WHAT THE TASK ASKS
How many lines in the entries below contain "helipad"? Answer with the number only.

WORKING DATA
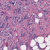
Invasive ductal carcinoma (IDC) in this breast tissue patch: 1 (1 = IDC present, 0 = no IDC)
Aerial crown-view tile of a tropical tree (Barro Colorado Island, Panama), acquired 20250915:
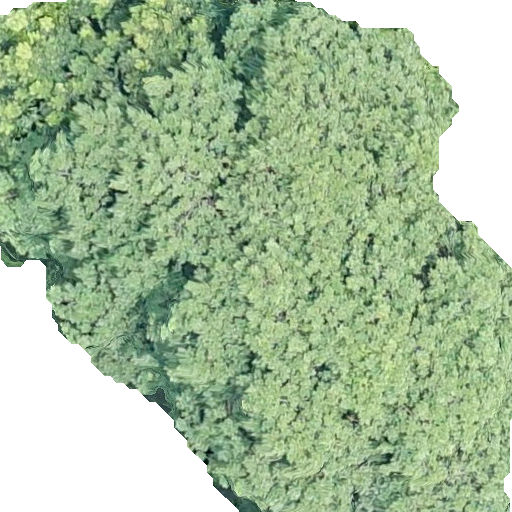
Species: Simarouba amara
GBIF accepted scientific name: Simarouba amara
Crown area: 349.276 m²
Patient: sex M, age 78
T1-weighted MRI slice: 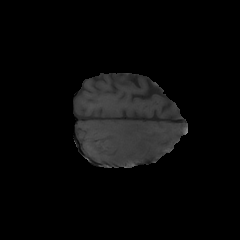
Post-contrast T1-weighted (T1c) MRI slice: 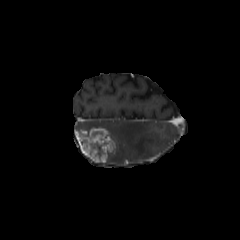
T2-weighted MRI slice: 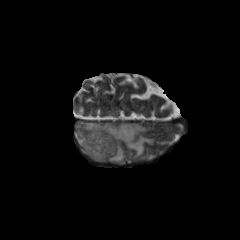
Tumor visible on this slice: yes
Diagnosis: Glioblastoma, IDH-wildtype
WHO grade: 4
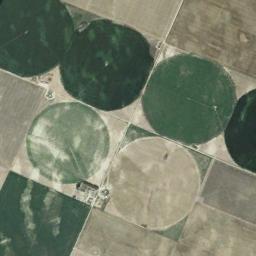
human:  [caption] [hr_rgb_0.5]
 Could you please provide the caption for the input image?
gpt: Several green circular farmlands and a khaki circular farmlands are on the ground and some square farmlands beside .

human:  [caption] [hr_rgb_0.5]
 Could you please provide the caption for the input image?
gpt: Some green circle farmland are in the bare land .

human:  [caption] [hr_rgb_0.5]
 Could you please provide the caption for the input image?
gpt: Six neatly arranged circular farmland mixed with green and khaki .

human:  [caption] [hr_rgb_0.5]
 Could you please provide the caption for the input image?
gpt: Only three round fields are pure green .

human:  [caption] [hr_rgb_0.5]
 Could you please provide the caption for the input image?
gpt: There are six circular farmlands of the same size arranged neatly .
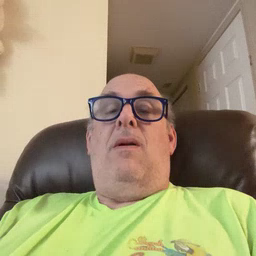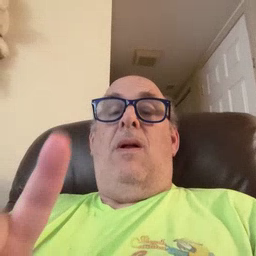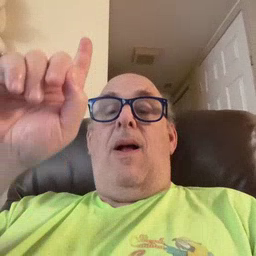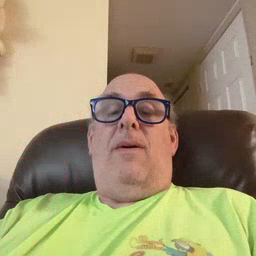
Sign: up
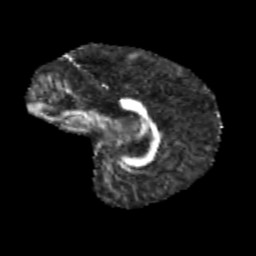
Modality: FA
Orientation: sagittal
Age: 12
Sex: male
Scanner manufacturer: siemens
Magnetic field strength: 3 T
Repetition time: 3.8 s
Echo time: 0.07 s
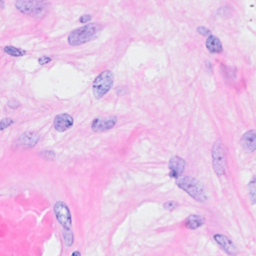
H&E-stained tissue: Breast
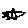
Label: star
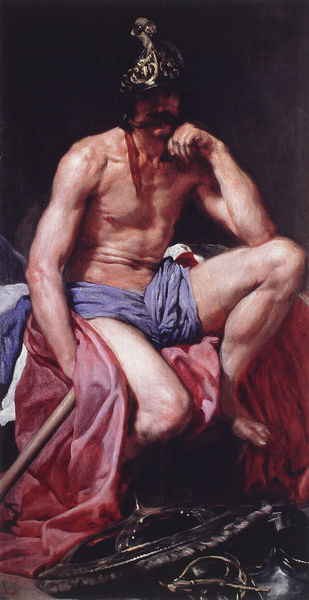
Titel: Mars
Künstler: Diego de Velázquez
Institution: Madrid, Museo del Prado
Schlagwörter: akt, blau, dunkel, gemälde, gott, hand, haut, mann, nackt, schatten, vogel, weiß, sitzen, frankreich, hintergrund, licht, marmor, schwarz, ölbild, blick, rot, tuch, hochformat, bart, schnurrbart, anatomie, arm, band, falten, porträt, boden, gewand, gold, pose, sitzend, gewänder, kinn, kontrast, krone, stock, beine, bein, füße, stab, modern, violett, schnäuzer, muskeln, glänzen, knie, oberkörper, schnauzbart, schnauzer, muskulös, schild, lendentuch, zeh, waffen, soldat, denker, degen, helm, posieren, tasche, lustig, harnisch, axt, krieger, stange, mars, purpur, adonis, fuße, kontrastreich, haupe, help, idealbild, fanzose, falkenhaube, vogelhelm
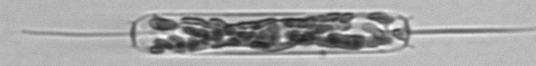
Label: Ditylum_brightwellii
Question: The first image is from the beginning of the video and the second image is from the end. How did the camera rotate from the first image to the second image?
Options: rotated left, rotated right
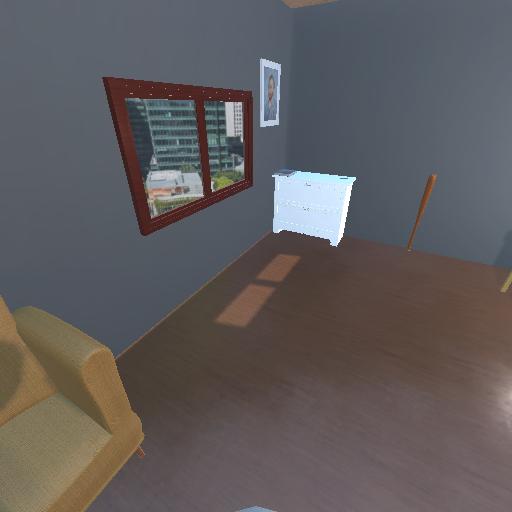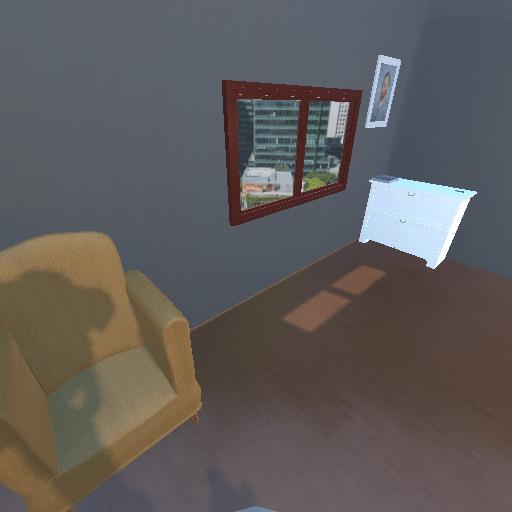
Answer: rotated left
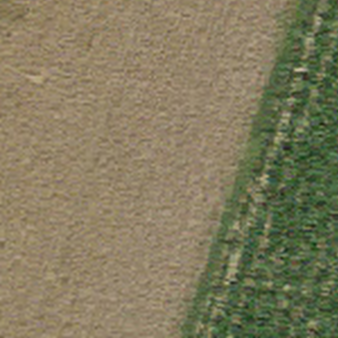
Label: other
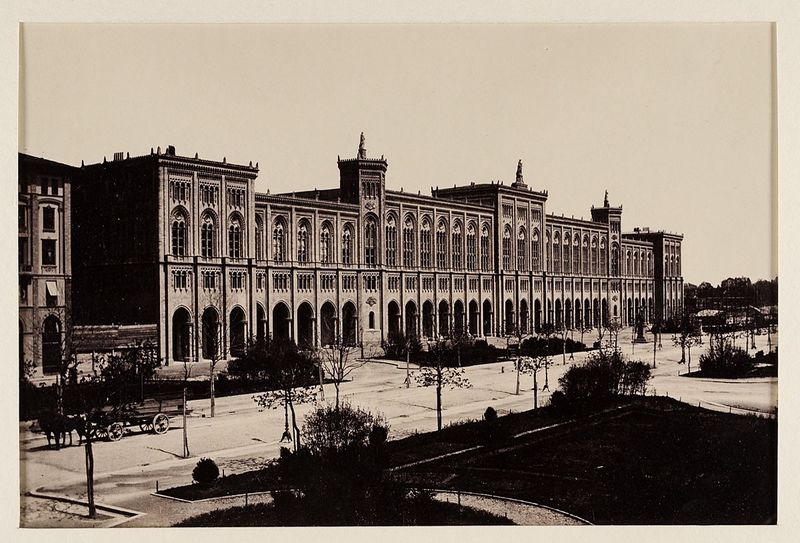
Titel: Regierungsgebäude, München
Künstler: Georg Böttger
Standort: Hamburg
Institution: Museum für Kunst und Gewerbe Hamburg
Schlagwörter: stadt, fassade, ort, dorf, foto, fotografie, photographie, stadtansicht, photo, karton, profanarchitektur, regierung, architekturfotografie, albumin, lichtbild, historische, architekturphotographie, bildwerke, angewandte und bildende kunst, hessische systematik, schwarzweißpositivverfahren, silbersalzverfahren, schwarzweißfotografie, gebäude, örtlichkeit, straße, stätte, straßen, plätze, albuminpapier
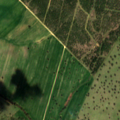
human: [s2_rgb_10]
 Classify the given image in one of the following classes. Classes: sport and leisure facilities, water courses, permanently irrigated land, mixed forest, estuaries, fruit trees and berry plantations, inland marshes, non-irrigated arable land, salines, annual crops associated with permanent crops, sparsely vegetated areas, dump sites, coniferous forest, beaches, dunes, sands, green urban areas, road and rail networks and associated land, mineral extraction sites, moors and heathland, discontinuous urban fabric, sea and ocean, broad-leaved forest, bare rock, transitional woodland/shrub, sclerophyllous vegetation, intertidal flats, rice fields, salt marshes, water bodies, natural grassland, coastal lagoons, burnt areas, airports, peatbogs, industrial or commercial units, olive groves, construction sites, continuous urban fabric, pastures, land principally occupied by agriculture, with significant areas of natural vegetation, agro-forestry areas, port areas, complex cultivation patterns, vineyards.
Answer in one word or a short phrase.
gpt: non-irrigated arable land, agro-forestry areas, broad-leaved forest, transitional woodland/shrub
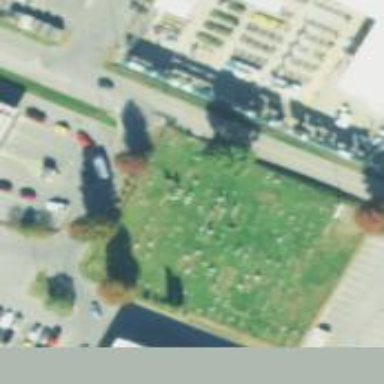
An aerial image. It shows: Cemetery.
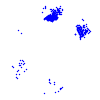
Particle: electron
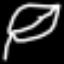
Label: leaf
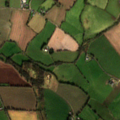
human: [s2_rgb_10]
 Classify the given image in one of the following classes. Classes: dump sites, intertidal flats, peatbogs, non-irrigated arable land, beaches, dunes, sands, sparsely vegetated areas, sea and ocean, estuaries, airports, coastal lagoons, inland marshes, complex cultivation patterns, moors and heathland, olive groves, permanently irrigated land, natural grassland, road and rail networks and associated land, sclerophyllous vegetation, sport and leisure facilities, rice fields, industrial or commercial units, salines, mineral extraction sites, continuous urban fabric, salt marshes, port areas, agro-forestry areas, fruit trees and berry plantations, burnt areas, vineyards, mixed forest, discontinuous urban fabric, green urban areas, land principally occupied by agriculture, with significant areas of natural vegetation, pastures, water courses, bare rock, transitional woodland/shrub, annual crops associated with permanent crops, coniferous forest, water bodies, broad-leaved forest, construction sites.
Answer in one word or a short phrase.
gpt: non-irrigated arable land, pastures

...

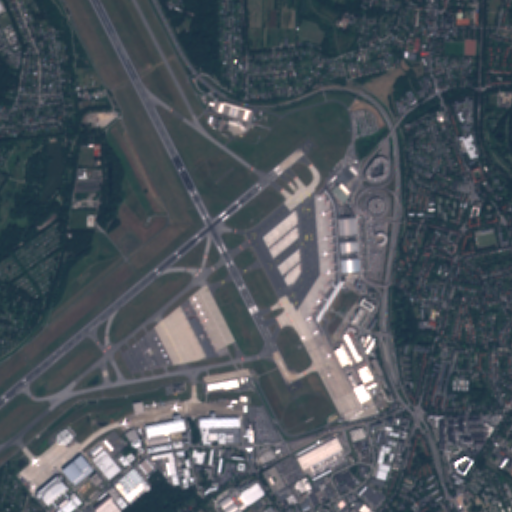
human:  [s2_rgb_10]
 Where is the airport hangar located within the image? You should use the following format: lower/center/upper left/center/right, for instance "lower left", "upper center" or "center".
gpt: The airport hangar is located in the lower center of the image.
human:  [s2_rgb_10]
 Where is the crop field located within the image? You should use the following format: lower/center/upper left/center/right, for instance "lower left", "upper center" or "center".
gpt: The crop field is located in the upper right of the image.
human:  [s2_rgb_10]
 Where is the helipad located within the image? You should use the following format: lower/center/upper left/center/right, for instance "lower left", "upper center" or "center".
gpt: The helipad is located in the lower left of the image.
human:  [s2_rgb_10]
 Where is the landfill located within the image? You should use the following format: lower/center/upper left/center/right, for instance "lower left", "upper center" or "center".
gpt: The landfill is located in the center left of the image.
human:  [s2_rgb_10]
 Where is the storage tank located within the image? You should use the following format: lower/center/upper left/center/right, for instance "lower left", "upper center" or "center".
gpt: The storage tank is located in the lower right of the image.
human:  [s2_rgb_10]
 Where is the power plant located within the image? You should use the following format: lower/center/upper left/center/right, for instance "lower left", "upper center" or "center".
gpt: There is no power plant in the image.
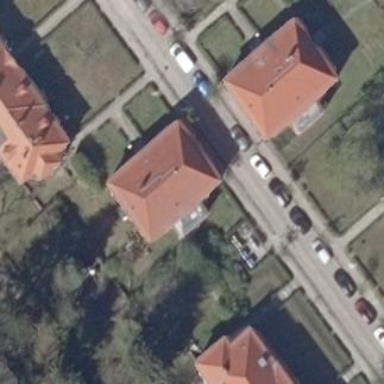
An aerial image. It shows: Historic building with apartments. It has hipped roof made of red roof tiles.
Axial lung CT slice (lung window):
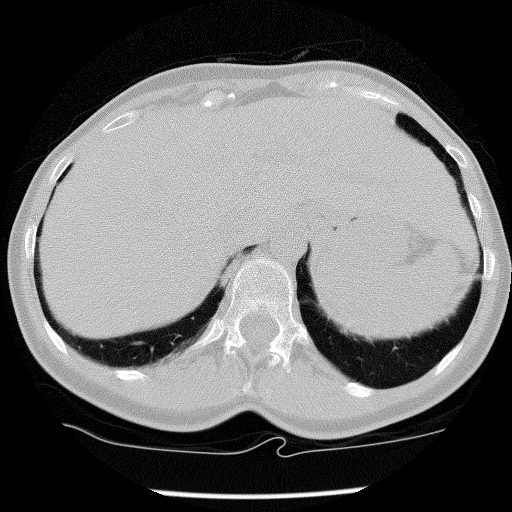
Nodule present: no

THE ANSWER
2